== Segment start ==

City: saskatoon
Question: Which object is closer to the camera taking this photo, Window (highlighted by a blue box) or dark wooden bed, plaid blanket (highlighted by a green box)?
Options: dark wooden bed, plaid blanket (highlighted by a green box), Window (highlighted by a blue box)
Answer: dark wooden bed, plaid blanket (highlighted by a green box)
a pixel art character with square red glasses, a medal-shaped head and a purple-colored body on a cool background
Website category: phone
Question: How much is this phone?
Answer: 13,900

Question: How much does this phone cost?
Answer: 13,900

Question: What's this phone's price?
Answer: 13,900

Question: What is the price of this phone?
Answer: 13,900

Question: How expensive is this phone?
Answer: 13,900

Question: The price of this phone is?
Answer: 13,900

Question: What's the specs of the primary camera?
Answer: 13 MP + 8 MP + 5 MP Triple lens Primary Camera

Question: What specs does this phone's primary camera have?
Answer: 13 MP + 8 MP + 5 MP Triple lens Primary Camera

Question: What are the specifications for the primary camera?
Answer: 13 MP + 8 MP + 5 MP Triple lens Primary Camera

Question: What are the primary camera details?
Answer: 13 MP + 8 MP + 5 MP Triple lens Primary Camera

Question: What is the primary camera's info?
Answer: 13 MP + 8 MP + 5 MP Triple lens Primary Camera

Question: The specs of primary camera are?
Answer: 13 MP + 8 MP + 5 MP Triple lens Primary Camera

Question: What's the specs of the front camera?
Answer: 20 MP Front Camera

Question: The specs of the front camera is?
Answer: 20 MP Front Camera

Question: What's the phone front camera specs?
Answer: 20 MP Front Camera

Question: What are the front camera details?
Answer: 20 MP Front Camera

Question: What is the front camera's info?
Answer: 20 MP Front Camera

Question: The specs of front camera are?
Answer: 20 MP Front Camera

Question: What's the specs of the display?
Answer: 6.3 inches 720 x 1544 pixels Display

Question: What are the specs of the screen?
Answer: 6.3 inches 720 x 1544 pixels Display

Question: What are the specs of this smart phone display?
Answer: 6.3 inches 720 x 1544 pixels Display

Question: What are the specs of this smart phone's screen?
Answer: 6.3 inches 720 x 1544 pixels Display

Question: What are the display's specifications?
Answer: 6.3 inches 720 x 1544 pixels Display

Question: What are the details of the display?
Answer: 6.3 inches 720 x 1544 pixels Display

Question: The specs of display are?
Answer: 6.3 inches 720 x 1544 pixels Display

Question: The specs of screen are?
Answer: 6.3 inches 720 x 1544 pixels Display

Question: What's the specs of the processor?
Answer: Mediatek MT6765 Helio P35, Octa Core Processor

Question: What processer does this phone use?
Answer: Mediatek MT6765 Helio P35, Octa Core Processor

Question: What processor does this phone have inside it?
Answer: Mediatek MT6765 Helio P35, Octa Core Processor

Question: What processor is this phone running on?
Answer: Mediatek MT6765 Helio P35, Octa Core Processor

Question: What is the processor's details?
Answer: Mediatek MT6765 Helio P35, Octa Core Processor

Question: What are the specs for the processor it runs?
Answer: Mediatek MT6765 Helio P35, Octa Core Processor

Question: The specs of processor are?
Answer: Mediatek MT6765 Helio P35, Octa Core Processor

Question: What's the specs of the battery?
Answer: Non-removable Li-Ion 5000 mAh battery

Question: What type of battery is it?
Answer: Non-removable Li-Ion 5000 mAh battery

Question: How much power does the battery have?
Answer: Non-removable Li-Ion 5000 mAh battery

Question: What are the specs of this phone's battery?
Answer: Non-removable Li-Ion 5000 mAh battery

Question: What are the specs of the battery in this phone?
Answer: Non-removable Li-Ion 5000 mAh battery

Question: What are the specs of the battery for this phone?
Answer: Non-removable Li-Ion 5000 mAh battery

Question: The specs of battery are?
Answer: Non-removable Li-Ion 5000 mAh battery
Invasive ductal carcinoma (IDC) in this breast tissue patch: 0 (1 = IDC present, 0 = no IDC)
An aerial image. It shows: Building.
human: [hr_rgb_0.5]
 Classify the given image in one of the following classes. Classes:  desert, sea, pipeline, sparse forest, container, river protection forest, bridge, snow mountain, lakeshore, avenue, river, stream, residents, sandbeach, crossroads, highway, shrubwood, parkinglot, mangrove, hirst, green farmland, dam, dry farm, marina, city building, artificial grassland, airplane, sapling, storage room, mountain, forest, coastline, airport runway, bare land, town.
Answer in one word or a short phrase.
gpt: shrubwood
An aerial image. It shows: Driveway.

== Segment end ==
== Segment start ==

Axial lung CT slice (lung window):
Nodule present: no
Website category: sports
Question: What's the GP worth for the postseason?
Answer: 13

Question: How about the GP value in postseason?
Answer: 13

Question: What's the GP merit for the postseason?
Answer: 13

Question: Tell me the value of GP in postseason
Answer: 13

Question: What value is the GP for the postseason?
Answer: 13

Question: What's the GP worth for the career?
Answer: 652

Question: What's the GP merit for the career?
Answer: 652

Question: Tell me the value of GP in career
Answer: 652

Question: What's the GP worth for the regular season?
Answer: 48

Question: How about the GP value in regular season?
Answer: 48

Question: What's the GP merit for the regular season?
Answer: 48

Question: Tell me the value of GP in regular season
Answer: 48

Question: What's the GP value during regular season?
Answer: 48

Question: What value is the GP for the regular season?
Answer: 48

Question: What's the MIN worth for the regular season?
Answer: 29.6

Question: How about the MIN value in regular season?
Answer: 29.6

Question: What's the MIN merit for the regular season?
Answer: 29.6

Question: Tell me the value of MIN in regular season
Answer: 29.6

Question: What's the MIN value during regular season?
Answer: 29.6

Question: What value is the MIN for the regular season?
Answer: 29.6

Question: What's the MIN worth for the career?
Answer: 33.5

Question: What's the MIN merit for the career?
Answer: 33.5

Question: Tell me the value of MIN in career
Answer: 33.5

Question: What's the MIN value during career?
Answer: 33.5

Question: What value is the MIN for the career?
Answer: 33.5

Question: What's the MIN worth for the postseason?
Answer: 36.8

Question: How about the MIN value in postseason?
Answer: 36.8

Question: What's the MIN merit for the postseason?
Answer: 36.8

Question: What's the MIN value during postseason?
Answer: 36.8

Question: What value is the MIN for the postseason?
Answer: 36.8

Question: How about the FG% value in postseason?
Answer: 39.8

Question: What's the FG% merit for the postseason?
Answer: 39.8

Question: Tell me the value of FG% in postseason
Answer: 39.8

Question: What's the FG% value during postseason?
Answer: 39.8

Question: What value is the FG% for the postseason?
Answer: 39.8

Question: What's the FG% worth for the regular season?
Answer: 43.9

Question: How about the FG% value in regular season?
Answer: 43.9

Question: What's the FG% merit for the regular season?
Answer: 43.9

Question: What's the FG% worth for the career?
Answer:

== Segment end ==

* _EXERCISE DIRECTIONS_
Of the lines above, output exactly those from the line bearing "Invasive ductal carcinoma" through the line bearing "human: [hr_rgb_0.5]", inclusive.

* _WORKED SOLUTION_
Invasive ductal carcinoma (IDC) in this breast tissue patch: 0 (1 = IDC present, 0 = no IDC)
An aerial image. It shows: Building.
human: [hr_rgb_0.5]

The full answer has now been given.